Sub Commands (Sub-Parsers)

Ok, now that we know the basics, let's look at the case where we have a program that has two different sub commands.
# argparse3.py
import argparse

if __name__ == '__main__':
    parser = argparse.ArgumentParser(description='An awesome program')
    subparsers = parser.add_subparsers(
        title='subcommands', description='valid subcommands',
        help='additional help')
    parser_create = subparsers.add_parser('create')
    parser_create.set_defaults(which='create')
    parser_create.add_argument(
        '--first_name', required=True, help='First Name')
    parser_create.add_argument(
        '--last_name', required=True, help='Last Name')

    parser_delete = subparsers.add_parser('delete')
    parser_delete.set_defaults(which='delete')
    parser_delete.add_argument(
        'id', help='Database ID')
    args = vars(parser.parse_args())

    if args['which'] == 'create':
        print "Creating {} {}".format(args['first_name'], args['last_name'])
    else:
        print "Deleting {}".format(args['id'])
Whoa! What do we have here? If you run this without any arguments, you will see a help message along the lines of:
# argparse1.py
usage: argparse3.py [-h] {create,delete} ...
argparse3.py: error: too few arguments
This is telling us that we have to provide one of the available subcommands "create" or "delete". So, let's try that by running python argparse3.py create:
# argparse1.py
usage: argparse3.py create [-h] --first_name FIRST_NAME --last_name LAST_NAME
argparse3.py create: error: argument --first_name is required
Now we get the helpful message saying exactly what the arguments are for the subcommand "create". Neat! If you actually provide it with valid inputs, you will see that the parser only returns the arguments for the subparse that was selected. In other words, continuing with the previous exmaple, if we run the program as follows:
# argparse1.py
python argparse3.py create --first_name John --last_name Smith
Then we only get the arguments first_name and last_name; id will not be there since it didn't belong to any of the first sub-parser's arguments. As you also may have noticed, you can mix and match positional arguments and named arguments at will.

Unfortunately, the one thing that is lacking by default in the argument parsing when using subcommands is a way to get which subcommand was run. Although in the example above we can figure it out since only the "create" subcommand has first_name and last_name, but what would we do if both subcommands had overlapping arguments?
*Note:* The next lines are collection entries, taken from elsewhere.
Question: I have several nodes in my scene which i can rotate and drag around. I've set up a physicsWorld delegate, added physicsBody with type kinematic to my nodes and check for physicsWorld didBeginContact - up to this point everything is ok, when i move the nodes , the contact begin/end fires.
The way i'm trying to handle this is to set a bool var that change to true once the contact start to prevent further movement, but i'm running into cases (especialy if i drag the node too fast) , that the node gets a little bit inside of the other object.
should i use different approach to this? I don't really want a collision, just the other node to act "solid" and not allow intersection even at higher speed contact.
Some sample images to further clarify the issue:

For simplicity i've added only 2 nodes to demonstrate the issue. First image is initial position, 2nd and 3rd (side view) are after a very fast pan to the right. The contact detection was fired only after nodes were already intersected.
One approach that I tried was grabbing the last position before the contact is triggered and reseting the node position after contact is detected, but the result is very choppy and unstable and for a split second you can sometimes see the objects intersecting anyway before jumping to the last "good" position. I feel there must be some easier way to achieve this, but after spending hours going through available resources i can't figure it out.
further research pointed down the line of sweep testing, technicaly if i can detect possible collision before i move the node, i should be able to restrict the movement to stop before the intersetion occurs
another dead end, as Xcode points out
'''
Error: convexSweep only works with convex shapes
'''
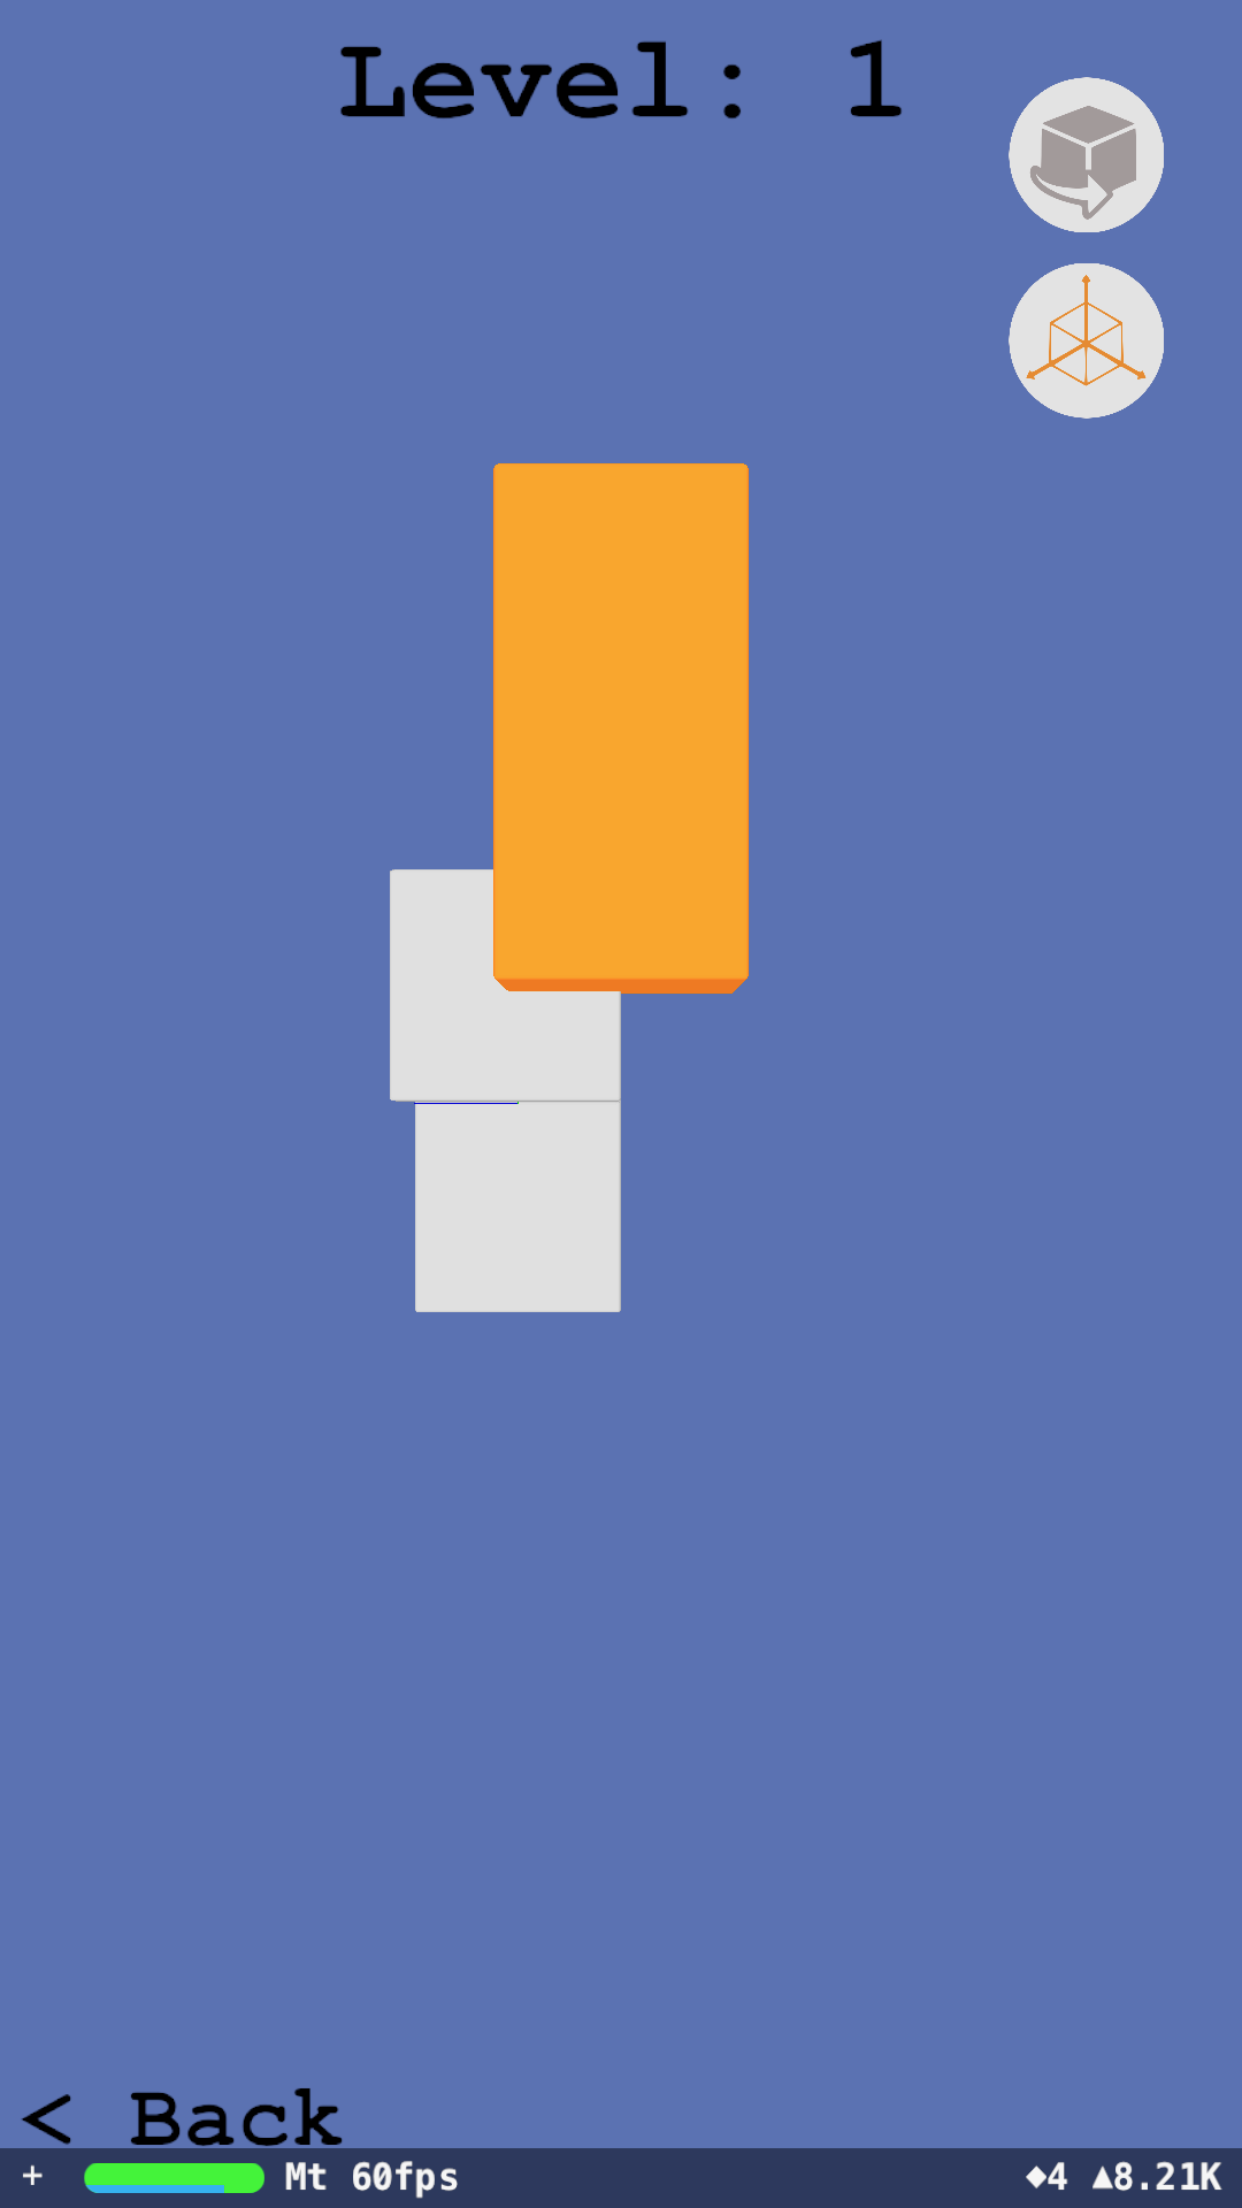
Answer: After a lot of days of headbanging and almost giving up, i re-re-reread the physicsWorld documentation and finally found what i was overlooking all the time - the contactTest method that can be manualy triggered at any time, independent of render loop. I use it in the renderer(_:willRenderScene:atTime:) in order to "fix" the overlap before the scene gets rendered.
My scene is bit more complicated than the example, but with few extra tweeks i almost got it working now. I'm not sure if this is the proper solution and how costy it will become performance wise, but for now i will settle down with this so i can move on with the development.
The relevant code in case somebody runs in similar situation:
'''
func renderer(_ renderer: SCNSceneRenderer, willRenderScene scene: SCNScene, atTime time: TimeInterval) {
// make sure we have active node and pan direction
if(selectedBrickNode != nil && self.panDirection != nil){
// contactTest
let pw = scnScene.physicsWorld
let node = selectedBrickNode.node!
let contacts = pw.contactTest(with: node.physicsBody!, options: nil)
var axisVector:SCNVector3
// specify which axis we want to correct
switch self.panDirection!{
case "right","left": axisVector = SCNVector3Make(1,0,0)
default: axisVector = SCNVector3Make(0,1,0);
}
for contact in contacts {
// round contact normal to get a unit vector
let cn = SCNVector3( round(contact.contactNormal.x),
round(contact.contactNormal.y),
round(contact.contactNormal.z))
// fix only for pan direction axis
if abs(cn.x) == axisVector.x && abs(cn.y)==axisVector.y {
let normal = contact.contactNormal
let transform = SCNMatrix4MakeTranslation( round(normal.x) * -Float(contact.penetrationDistance),
round(normal.y) * -Float(contact.penetrationDistance),
round(normal.z) * -Float(contact.penetrationDistance))
node.transform = SCNMatrix4Mult(node.transform, transform)
// break to prevent repeated contacts
break;
}
}
}
}
'''

The solution to this (originally found here) is to provide a default argument that tells us which subcommand was chosen. This is why I added, for example, the line parser_create.set_defaults(which='create') to the first subparser. This allows us to get the argument "which" that we have added to tell us which subcommand was chosen.

Going Farther

Well, that's it for the basics. If you want to do more than this, then I highly suggest you read the docs as they contain other examples. Hopefully, this little introduction has made it a bit easier to digest what is going on in that documentation page!